Research Institutions Now Cater to the Prejudices of Wealth, by Noah Millman.
Political scientist and blogger Daniel W. Drezner’s new book, “The Ideas Industry,” … [is] an account of how the marketplace of ideas, the metaphorical bazaar where academics and think tankers and pundits hawk their intellectual wares to policy makers, has changed over the past generation.
As he tells it, three large-scale forces have remade the marketplace of ideas. The erosion of trust in prestigious institutions has weakened the position of both academia and the traditional journalistic perches of public intellectuals. The polarization of American politics has segmented that marketplace into distinct and separate niches.
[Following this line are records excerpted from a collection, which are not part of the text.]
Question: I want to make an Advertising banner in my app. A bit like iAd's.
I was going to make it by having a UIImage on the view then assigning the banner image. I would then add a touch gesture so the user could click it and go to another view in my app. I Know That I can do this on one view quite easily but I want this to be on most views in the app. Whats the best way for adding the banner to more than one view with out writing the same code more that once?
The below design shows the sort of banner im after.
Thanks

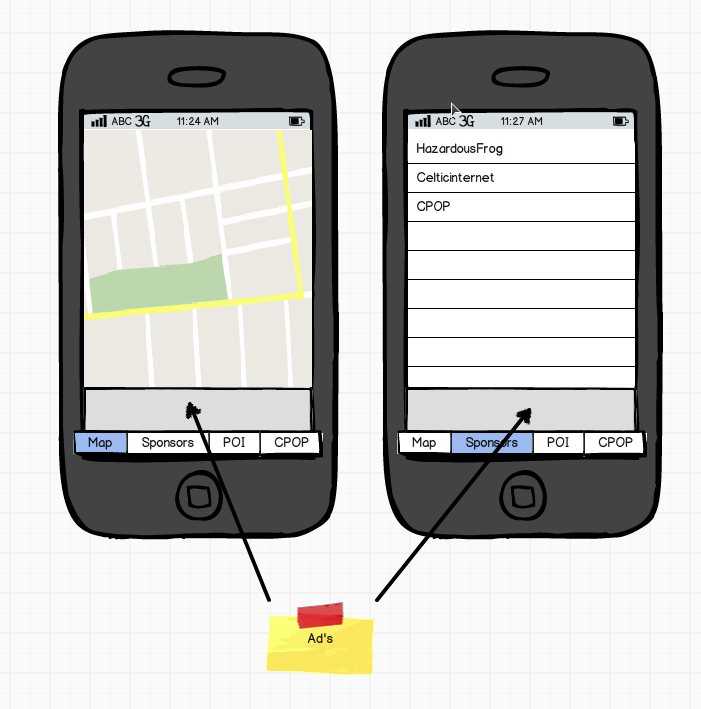
Answer: You can Create a UIView Class and call it BannerView for instance.
// in the bannerView.h
'''
#import <UIKit/UIKit.h>
@interface BannerView : UIView{
UIImageView* bannerImage;
}
@property(nonatomic,retain) UIImageView* bannerImage;
@end
'''
//in the bannerView.m
'''
#import "BannerView.h"
@implementation BannerView
@synthesize bannerImage;
- (id)initWithFrame:(CGRect)frame
{
self = [super initWithFrame:frame];
if (self) {
// Initialization code
}
return self;
}
// Only override drawRect: if you perform custom drawing.
// An empty implementation adversely affects performance during animation.
- (void)drawRect:(CGRect)rect
{
// Drawing code
bannerImage=[[UIImageView alloc]initWithImage:[UIImage imageNamed:@"banner-image.png"]];
bannerImage.frame=CGRectMake(0, 0, 320, 100);
[self addSubview:bannerImage];
// add a uibutton on top of the uiimageview and assign an action for it
// better than creating an action recogniser
UIButton* actionButton=[UIButton buttonWithType:UIButtonTypeCustom];
actionButton.frame=CGRectMake(0, 0, 320, 100);
[actionButton addTarget:self action:@selector(yourAction) forControlEvents:UIControlEventTouchUpInside];
[self addSubview:actionButton];
}
-(void) yourAction{
// do what ever here like going to an other uiviewController as you mentionned
}
@end
'''
Now you can call this view from any View Controller this way
'''
BannerView* banner=[[BannerView alloc] initWithFrame:CGRectMake(0, 300, 320, 100)];
[self.view addSubview:banner];
'''

Most important, the dramatic growth in economic inequality has made wealthy individuals and corporations into the primary buyers, dominating the market. …
On the perils of intellectual superstardom, …[where] he discusses the takeoff phase of his own career, he expresses profound concerns about how the incentives of the ideas industry work against careful or serious thought. The thin reed on which he places his hopes for reform is the notion that intellectuals will police themselves.
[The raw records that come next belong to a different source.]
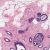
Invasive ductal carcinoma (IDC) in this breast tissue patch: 0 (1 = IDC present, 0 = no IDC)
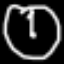
Label: clock
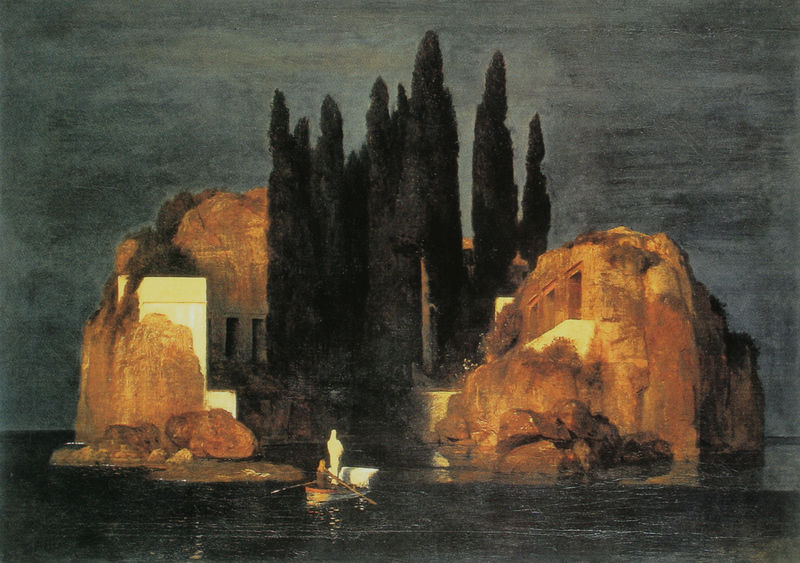
Titel: Die Toteninsel
Künstler: Arnold Böcklin
Standort: Basel
Institution: Kunstmuseum
Schlagwörter: baum, berg, blau, dunkel, felsen, gemälde, himmel, meer, schatten, wasser, weiß, bäume, gelb, grün, menschen, ocker, see, ufer, braun, fenster, frau, grau, licht, männer, nacht, schwarz, gebäude, haus, malerei, symbolismus, leiche, stein, tod, tot, trauer, öl, einsamkeit, horizontlinie, einsam, gewässer, insel, figur, gewand, stehend, höhle, boot, kahn, paddel, ruder, statue, zypressen, strand, düster, italien, schiffer, fels, hellbraun, verlassen, dunkelgrün, friedrich, romantik, jugendstil, ruderboot, ruderer, rudern, bucht, gestalt, hitler, mond, ruine, antike, palast, strahlen, riff, gestade, zypresse, mondschein, tote, friedhof, frieden, sehnsucht, ende, grab, gräber, mystisch, reise, böcklin, zentral, griechenland, pinien, tempel, fähre, mamor, mittelmeer, preussisch, nischen, nachen, paddeln, mee, fährmann, schifffahrt, entrückt, toteninsel, bedrückend, versionen, avalon, dunkelbalu, grabbauten, letzte ruhestätte, mausoleen, mond verdeckt, nationalgalerie, preussisch blau, ruhestätte, sindbad, version, weisse figur, felseninsel

The question Drezner doesn’t ever ask explicitly is: What is the ideas industry’s real product? If the plutocrats who dominate the market demand ideas that are already congenial to them, then they aren’t evaluating ideas based on their efficacy — as, indeed, they have little incentive to do if they are insulated from their consequences. It’s probably not an accident that the industry Drezner describes frequently sounds like a luxury brand of entertainment, the ideas akin to the witty confections served up by Louis XVI’s courtiers in the French film “Ridicule.”